**Your instructions**
Whenever a line contains "stop", include it in the count; reply with the number of such lines in the data and nothing else.

Segment Open

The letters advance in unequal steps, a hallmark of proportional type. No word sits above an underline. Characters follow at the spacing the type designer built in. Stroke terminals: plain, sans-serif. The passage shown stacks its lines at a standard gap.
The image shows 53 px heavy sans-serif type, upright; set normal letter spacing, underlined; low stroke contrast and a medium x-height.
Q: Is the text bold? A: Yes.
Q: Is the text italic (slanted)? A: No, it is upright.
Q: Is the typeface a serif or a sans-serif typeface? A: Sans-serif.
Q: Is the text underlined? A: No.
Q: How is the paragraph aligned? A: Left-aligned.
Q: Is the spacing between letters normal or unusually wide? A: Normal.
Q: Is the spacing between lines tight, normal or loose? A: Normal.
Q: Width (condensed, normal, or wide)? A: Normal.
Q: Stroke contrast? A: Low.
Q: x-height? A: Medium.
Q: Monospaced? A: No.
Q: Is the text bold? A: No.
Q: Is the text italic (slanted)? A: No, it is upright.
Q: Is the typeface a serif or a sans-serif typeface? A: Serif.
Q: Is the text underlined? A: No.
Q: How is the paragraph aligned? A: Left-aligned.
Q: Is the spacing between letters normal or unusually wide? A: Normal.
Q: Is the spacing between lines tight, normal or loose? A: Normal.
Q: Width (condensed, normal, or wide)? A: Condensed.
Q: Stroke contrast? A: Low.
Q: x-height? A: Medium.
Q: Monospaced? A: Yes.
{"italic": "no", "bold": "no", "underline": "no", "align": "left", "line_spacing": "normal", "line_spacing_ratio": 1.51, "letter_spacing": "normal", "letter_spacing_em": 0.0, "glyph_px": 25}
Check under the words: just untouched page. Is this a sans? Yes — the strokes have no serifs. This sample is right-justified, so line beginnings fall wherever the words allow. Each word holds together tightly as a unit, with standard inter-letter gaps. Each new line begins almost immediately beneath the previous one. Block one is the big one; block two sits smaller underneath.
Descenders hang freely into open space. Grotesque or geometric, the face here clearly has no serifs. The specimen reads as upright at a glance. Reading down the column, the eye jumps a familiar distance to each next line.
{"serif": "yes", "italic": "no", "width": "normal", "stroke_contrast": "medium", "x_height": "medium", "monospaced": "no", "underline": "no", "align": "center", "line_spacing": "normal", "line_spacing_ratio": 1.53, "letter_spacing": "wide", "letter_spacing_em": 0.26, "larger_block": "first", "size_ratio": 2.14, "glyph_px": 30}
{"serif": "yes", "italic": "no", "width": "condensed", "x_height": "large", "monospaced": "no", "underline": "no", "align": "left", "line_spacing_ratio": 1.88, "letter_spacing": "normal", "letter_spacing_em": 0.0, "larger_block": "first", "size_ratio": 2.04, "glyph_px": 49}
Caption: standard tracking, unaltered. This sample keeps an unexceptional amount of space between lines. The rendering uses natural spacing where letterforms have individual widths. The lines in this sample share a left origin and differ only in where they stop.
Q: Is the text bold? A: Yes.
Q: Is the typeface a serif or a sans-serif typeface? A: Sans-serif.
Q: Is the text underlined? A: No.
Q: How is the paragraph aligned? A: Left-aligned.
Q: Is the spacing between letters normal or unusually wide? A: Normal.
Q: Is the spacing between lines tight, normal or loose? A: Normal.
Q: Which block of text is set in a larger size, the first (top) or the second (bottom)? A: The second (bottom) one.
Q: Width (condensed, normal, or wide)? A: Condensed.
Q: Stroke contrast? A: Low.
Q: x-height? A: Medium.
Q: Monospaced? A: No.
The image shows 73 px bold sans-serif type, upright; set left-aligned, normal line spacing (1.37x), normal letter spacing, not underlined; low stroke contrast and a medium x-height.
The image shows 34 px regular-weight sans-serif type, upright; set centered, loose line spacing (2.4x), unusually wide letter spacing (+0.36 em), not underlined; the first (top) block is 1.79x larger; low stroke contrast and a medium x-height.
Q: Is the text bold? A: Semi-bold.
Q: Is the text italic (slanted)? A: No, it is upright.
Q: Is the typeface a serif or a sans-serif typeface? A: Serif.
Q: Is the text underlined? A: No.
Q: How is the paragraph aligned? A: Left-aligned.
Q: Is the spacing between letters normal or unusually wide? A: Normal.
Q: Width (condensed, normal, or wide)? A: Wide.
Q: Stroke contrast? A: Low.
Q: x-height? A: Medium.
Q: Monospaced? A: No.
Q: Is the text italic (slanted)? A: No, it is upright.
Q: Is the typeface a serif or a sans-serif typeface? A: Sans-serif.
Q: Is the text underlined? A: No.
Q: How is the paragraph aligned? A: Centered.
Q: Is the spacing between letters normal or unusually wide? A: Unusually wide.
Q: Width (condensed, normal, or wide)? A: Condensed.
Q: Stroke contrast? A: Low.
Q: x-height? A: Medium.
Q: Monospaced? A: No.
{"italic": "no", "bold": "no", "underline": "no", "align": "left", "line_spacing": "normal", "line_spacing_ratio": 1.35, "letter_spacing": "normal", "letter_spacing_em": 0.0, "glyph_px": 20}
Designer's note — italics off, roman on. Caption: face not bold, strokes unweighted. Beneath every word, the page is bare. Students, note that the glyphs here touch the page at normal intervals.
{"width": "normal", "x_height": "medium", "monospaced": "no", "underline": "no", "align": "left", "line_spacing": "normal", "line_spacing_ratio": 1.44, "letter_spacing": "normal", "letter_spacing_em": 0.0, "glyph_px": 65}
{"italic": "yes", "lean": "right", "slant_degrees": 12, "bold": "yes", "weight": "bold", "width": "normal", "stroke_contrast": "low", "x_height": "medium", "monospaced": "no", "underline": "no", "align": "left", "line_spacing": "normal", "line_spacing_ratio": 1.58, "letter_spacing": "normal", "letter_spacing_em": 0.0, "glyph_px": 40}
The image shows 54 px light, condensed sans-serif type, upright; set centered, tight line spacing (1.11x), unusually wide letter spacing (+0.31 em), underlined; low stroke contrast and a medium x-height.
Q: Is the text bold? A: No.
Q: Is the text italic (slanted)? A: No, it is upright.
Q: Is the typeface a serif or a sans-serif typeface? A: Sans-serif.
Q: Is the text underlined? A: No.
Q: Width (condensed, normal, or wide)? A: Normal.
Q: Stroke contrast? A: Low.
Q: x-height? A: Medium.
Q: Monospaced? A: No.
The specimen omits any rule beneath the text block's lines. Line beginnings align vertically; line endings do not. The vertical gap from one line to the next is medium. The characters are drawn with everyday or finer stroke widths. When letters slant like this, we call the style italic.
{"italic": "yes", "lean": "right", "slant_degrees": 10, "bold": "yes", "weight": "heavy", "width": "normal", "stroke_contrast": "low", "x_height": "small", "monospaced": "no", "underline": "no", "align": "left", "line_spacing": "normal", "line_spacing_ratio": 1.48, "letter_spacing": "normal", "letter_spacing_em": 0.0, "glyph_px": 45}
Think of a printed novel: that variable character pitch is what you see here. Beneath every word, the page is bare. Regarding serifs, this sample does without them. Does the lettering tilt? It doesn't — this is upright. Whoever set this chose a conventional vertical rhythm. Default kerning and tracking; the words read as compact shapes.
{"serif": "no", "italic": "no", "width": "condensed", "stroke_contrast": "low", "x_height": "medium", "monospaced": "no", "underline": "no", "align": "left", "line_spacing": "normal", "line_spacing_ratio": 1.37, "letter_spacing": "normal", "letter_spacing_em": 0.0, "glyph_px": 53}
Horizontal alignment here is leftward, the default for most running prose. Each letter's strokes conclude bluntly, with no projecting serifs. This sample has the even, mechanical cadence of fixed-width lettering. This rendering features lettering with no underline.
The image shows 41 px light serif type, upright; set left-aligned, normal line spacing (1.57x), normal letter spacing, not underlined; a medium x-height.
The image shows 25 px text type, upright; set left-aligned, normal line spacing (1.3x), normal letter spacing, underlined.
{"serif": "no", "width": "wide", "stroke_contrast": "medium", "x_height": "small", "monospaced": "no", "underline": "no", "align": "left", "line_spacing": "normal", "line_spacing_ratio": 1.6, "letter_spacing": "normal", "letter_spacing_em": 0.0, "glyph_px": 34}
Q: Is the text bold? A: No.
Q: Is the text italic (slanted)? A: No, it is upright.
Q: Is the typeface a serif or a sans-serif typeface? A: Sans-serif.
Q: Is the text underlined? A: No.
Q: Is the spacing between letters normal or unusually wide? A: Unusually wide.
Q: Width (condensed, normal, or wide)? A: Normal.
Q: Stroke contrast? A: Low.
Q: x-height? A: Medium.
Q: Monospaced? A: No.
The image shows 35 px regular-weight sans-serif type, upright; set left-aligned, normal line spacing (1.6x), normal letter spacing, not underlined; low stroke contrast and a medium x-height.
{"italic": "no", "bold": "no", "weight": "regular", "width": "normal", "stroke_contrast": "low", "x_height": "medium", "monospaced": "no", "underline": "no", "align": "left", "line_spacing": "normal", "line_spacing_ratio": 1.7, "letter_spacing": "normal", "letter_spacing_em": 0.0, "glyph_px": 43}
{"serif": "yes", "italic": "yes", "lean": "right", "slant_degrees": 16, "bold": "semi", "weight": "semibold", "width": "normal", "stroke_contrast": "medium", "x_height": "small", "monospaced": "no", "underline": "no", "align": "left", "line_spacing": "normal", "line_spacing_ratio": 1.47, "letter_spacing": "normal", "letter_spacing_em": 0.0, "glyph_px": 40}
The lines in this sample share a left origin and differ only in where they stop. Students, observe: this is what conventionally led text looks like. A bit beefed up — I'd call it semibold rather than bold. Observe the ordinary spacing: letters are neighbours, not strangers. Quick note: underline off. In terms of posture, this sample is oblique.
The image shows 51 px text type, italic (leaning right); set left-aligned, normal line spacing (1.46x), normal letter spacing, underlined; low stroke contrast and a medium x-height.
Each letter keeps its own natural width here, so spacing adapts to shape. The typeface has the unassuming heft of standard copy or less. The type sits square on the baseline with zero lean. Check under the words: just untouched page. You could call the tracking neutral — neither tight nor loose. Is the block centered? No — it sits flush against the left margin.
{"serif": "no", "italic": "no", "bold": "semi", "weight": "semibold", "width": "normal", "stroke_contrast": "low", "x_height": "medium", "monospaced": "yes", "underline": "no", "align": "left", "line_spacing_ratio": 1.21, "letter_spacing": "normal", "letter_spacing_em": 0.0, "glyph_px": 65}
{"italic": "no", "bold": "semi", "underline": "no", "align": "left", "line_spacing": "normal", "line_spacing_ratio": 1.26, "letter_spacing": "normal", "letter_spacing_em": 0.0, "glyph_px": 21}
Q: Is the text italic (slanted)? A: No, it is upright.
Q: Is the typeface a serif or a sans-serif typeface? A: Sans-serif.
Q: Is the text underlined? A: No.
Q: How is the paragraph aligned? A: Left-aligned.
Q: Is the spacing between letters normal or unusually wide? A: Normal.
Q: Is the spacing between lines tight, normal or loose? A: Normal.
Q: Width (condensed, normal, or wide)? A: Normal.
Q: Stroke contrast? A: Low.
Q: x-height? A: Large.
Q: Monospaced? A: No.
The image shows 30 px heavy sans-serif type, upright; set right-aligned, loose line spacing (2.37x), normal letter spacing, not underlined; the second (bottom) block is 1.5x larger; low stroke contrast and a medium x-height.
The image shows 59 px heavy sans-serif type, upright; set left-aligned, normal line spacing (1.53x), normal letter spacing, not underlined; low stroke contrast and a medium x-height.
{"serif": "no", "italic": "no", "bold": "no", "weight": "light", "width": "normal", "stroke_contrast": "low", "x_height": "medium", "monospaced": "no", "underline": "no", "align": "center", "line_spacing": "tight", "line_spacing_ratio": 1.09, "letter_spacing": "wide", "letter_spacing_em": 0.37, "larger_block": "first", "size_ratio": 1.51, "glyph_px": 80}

Segment Closed

**Output of the exercise**
2